Former Siara architect Sanjeev Newarikar mixes DWDM into his recipe for next-gen Sonet boxes

February 23, 2001

3 Min Read
Cratos Networks Tips Its Hand

Cratos Networks, the startup founded by networking wiz Sanjeev Newarikar and bankrolled by Comstellar Technologies Inc. VC and entrepreneur Raj Singh, is in the hunt for a piece of the metropolitan optical market.

The company plans to market a multiservice switching platform that promises to do a little bit of everything, including handling voice and data traffic, according to Newarikar.

Newarikar says the products will have the features available in the Core Director from Ciena Corp. (Nasdaq: CIEN), as well as the Sonet add-drop multiplexing functions available in the 15454 from Cisco Systems Inc. (Nasdaq: CSCO). It will also handle some edge routing functions for data traffic, like the SmartEdge product from Redback Networks Inc. (Nasdaq: RBAK).

Adding an interesting spin to the story, Newarikar said the product will also support dense wavelength-division multiplexing (DWDM) and will be designed for expansion into the long-haul optical networking market, using DWDM to transport voice and data over long distances.

“Our first target is the metro market,” says Newarikar. “It’s easier to start small and scale large. The technology we are using isn’t mature enough for the long-haul market yet. But we’ll have something later in the year.”

The company is the latest in a complex and expanding family tree, all orginating from Fiberlane, the most valuable startup that never was. Fiberlane was split into three companies, Cerent, Siara, and Cyras, all of which eventually generated hot products that now respectively reside at Cisco, Redback Networks, and Ciena.

The main question about Cratos: Is there room for another?

Raj Singh apparently thinks so. Comstellar Technologies, a venture capital firm headed by Singh, one of Fiberlane’s founders, has bankrolled Cratos since April 2000, dishing out $8 million in its initial round and another $2 million or so in bridge loans (see Life-Long Incubator Launched).

Newarikar’s career history began in the early 1990s at Cisco. He later went to Fiberlane and then Ascend Communications (before Lucent Technologies Inc. [NYSE: LU] acquired the company in 1999), where he worked on multiprotocol label switching (MPLS).

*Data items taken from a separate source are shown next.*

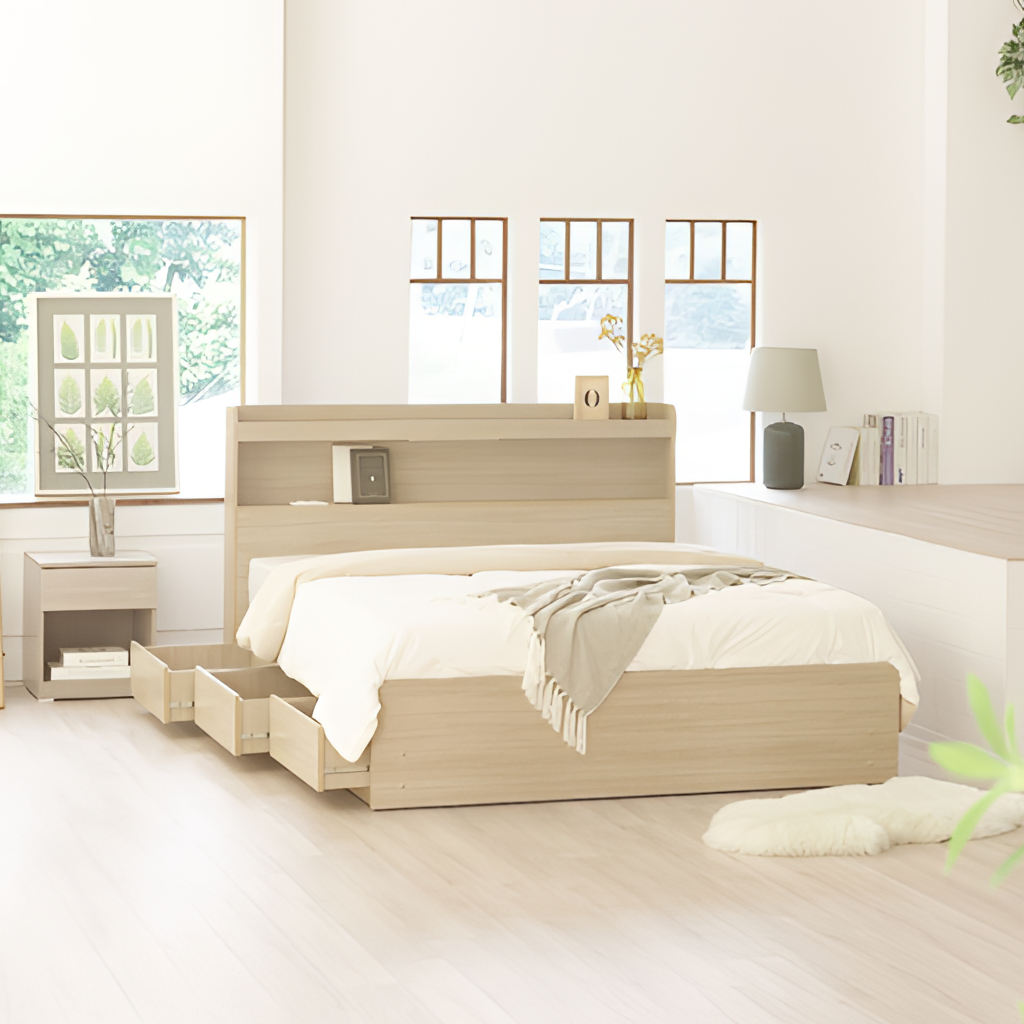
bedroom, light wood wood bed, wood flooring, with plank pattern, minimalist, paint wallpaper, with solid pattern
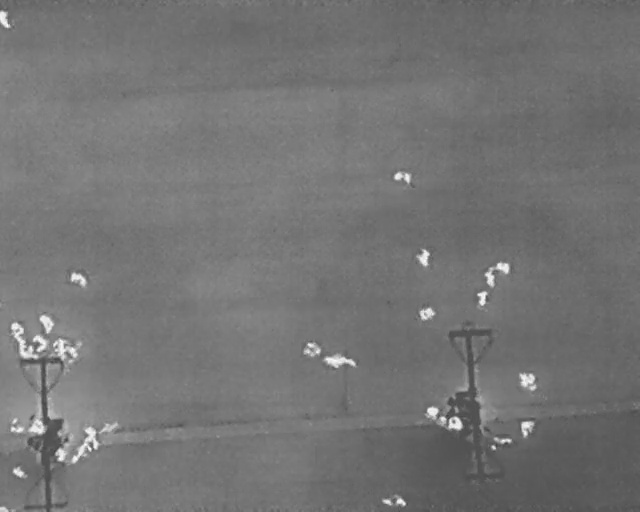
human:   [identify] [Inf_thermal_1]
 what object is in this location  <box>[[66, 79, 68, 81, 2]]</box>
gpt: <ref>1 medium person at the bottom</ref>
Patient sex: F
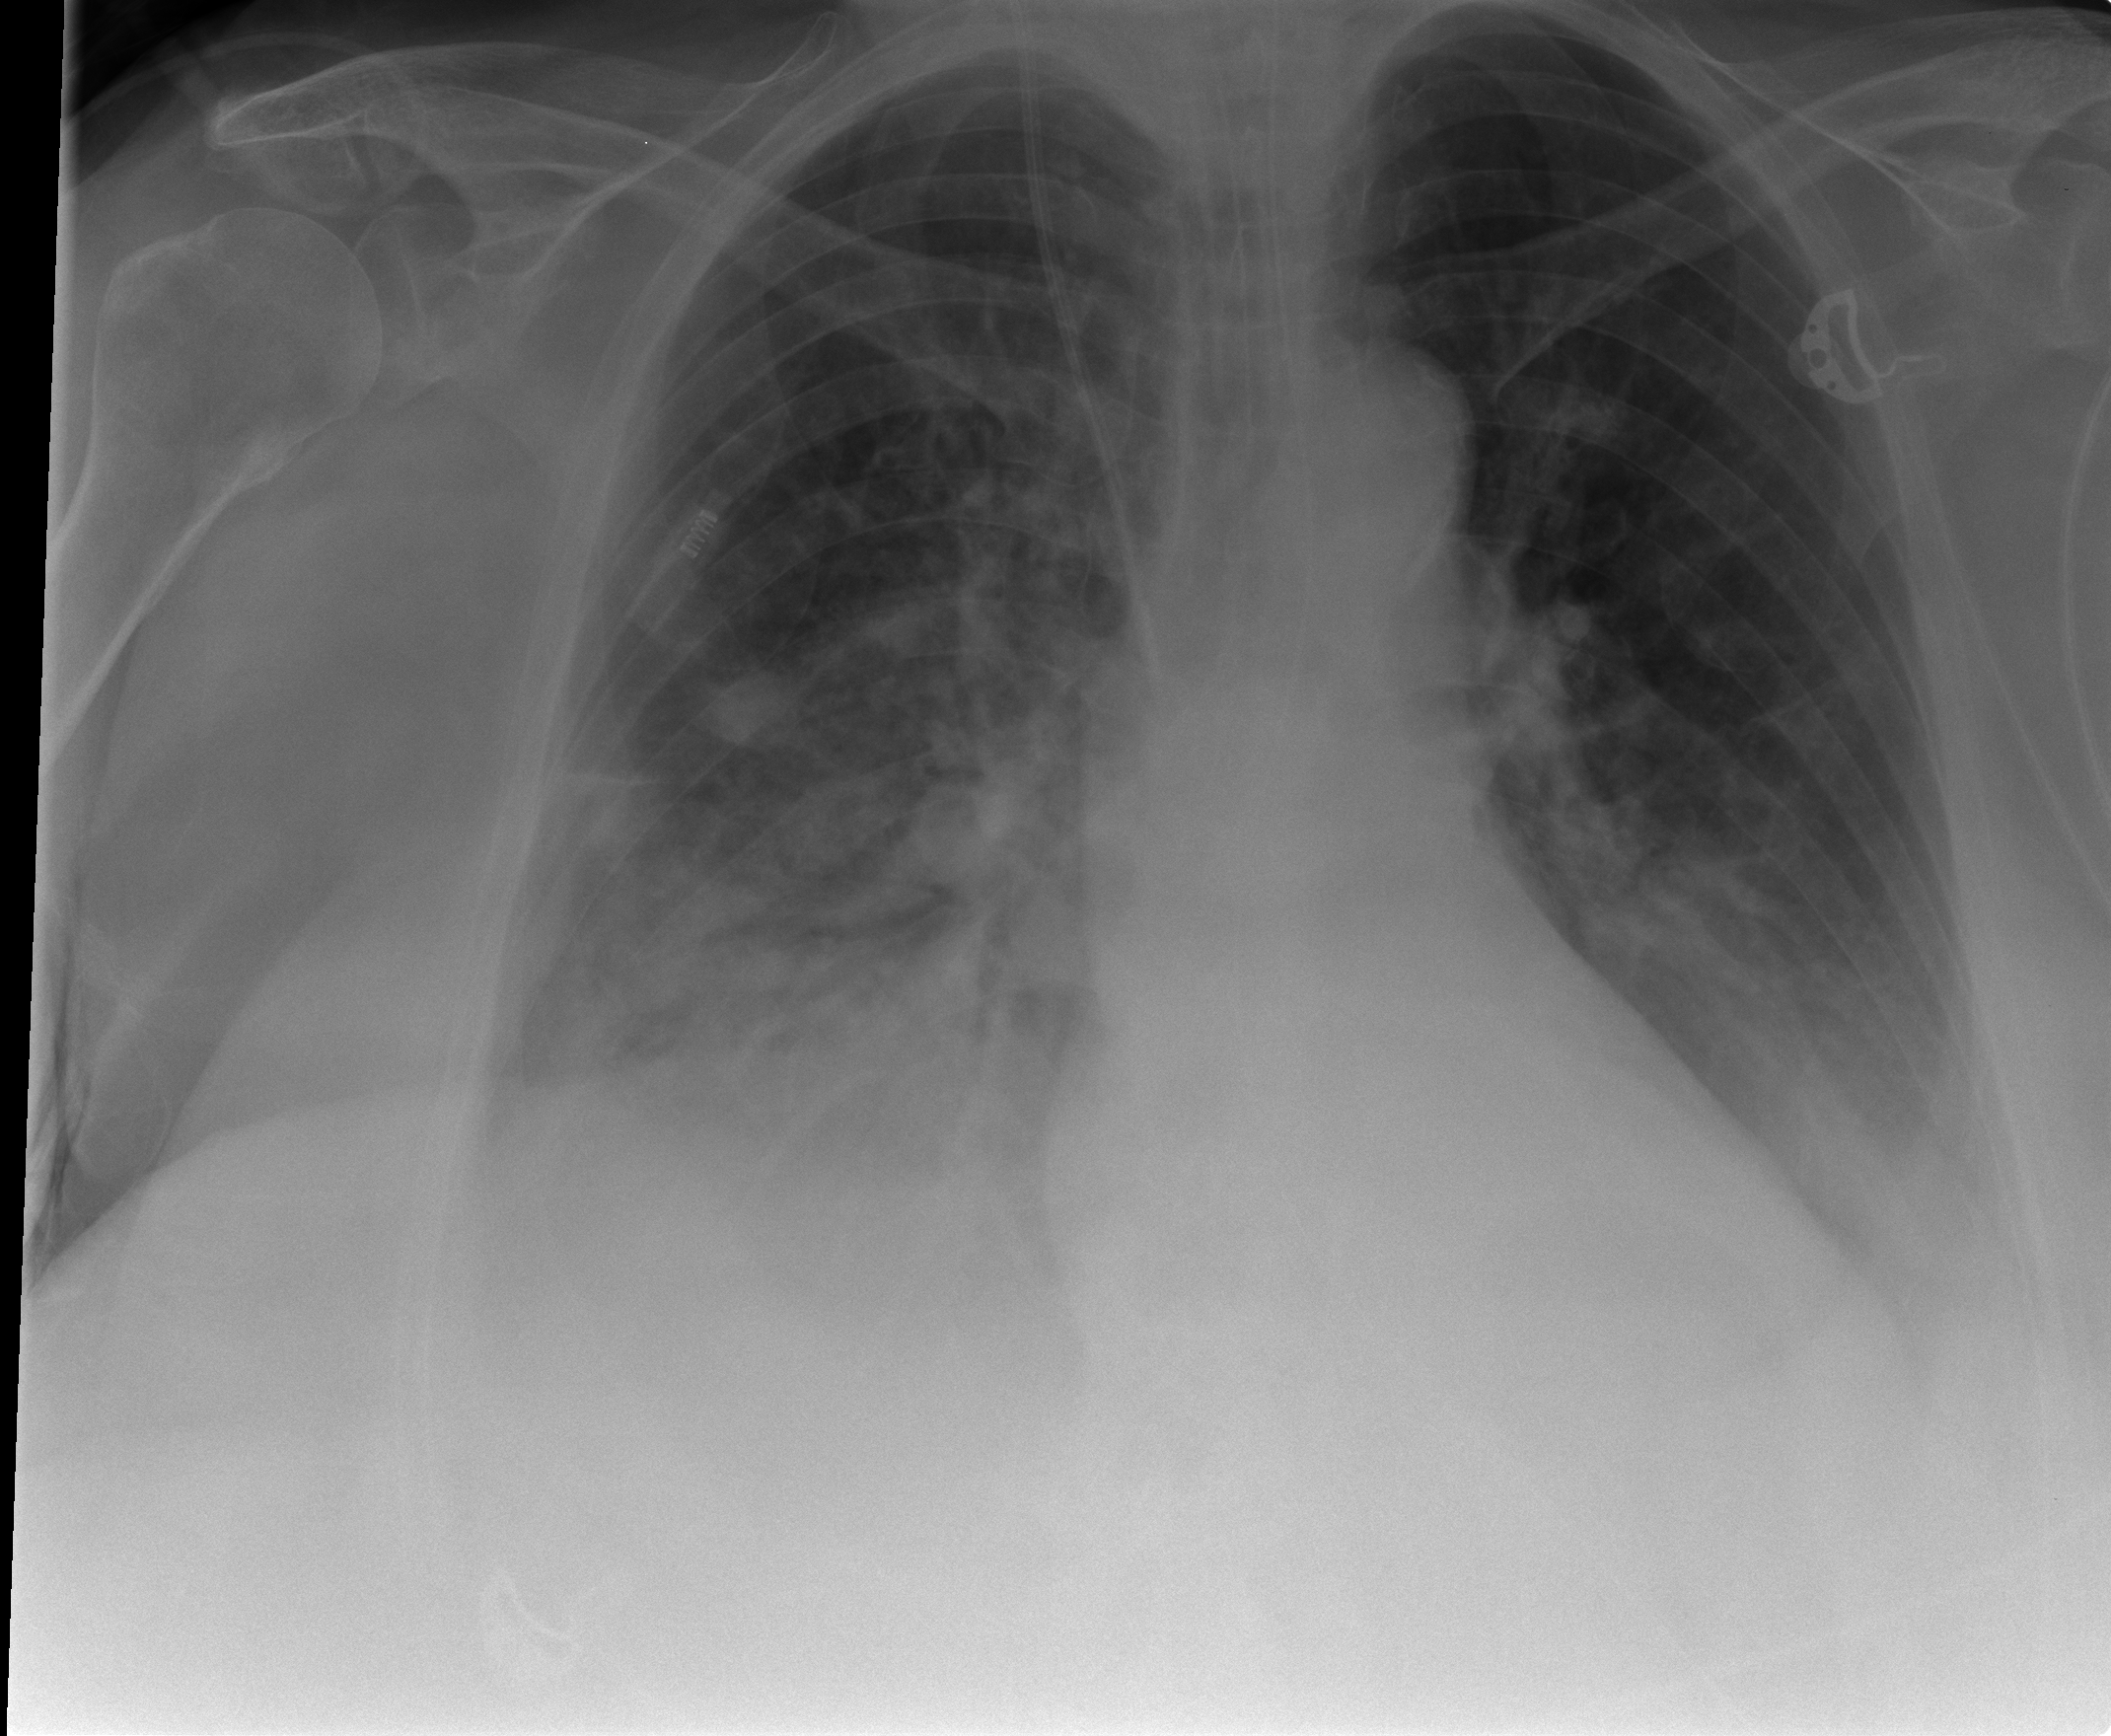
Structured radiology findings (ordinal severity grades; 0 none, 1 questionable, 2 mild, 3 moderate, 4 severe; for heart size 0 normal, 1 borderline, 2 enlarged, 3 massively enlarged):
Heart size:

According to Newarikar, the startup is already testing a prototype in its lab. The first product is expected to launch this summer.

In a little less than a year, Newarikar has hired 72 employees, most of whom are engineers. He expects that number to grow to at least 100 in the next month.

Newarikar has refused to publicly name several top executives, saying he fears they could be poached. These include a VP of engineering, whom he says comes from Unisphere Solutions Inc. (Nasdaq: UNSP), and a director of hardware from Nortel Networks Corp. (NYSE/Toronto: NT). He even refuses to give out the exact location of a special development facility based outside of Boston, where he claims to have “the best optical minds” assembled.

Talent-hungry competing startups may not be the only threat on Cratos’s radar screen, as the company will also have to battle the stormy market conditions and proliferation of optical networking startups addressing the same metropolitan market.